Dev
Dev

Reputation: 467

Model associations callbacks

I would like to add a review section to my app. To be more specific, a user can leave a review for a shop and the shop can then reply to that review. But I'm not sure if the model associations and review table migrations I have are correct.

class User < ActiveRecord::Base
  has_many :reviews
end

class Review < ActiveRecord::Base
  belongs_to :user
end

class ReviewReply < ApplicationRecord
  belongs_to :user, optional: true
  belongs_to :review, optional: true
end


class Shop < ActiveRecord::Base
  has_many :reviews
end

class CreateReviews < ActiveRecord::Migration[6.0]
  def change
    create_table :reviews do |t|
      t.text :body
      t.integer :rating
      t.references :shop, null: false, foreign_key: true
      t.references :user, null: false, foreign_key: true

      t.timestamps
    end
  end
end

Upvotes: 0

Views: 125

Answers (3)

Yshmarov
Yshmarov

Reputation: 3729

Architecture:

enter image description here

1. CALCULATING RATING

console:

rails g migration add_rating

migration:

  def change
    add_column :shops, :average_rating, :integer, default: 0, null: false
    add_column :reviews, :rating, :integer, default: 0, null: false
  end

user.rb

has_many :reviews

shop.rb

  has_many :reviews

  def update_rating
    if reviews.any? && reviews.where.not(rating: nil).any?
      update_column :average_rating, reviews.average(:rating).round(2).to_f
    else
      update_column :average_rating, 0
    end
  end

review.rb

  belongs_to :user
  belongs_to :shop
  has_one :review_reply

  after_save do
    unless rating.nil? || rating.zero?
      shop.update_rating
    end
  end

  after_destroy do
    shop.update_rating
  end

review_reply.rb

  belongs_to :review

2. REPLY TO A REVIEW

views/reviews/show.html.erb:

<% unless @review.review_reply.present? %>
  <%= link_to "Write a Reply", new_review_reply_path(review_id: @review.id) %>
<% end %>

views/review_replies/form.html.erb

= f.input :review_id, input_html: {value: params[:review_id]}, as: :hidden

Upvotes: 1

Clemens Kofler
Clemens Kofler

Reputation: 1968

There are a couple of things things that I would change if it's a real application (= not just something you're toying around with):

  • I'd remove the optional: true from the two associations in ReviewReply since replies don't make sense (data-wise) if they don't have an author or aren't connected to a review.
  • I'd also set these two columns in review_replies to null: false.
  • You should think about adding some deletion cascades (either adding dependent: :some_action in models or using on_delete: :some_action on the database columns – I'd recommend the latter):
    • delete review replies when a review is deleted?
    • delete review replies when a user is deleted? (or just set it to NULL and then show "Deleted User" in the UI?)
    • delete reviews when a shop is deleted?
    • delete reviews when a user is deleted? (or just set it to NULL and then show "Deleted User" in the UI?)

Upvotes: 1

Vasfed
Vasfed

Reputation: 18444

In your migration polymorphic relation for reviewable is set up incorrectly - unique index on reviewable_type will prevent adding multiple records, better use

t.references :reviewable, polymorphic: true

in modern rails it adds non-unique index on both columns by default (you can be explicit with index: true, but in any way this is different from two separate indexes on each column alone)

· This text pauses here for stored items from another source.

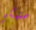
ستبكي
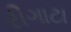
રીગાટા
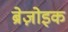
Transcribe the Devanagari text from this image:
ब्रेज़ोइक

Also most probably you want your unique index to include user id so that each user can review each reviewable once:

t.index [:reviewable_type, :reviewable_id, :user_id], unique: true, name: 'idx_unique_user_review'

Reason for including both shop and reviewable is not clear, but it depends on your application and goals. If the shop itself is the reviewable (as suggested by has_many :reviews, as: :reviewable) - then shop reference is useless. But in fact if you do not plan on extending reviews on something other than shops - it's easier to go with non-polymorphic reference for now.

In large app it's better to have common name prefixes for related things, so ReviewReply model name is better. belongs_to :review is most probably not optional, it's very strange to reply to nothing. Also it will most likely have belongs_to :shop (also not optional) not user, since the shop is the one replying.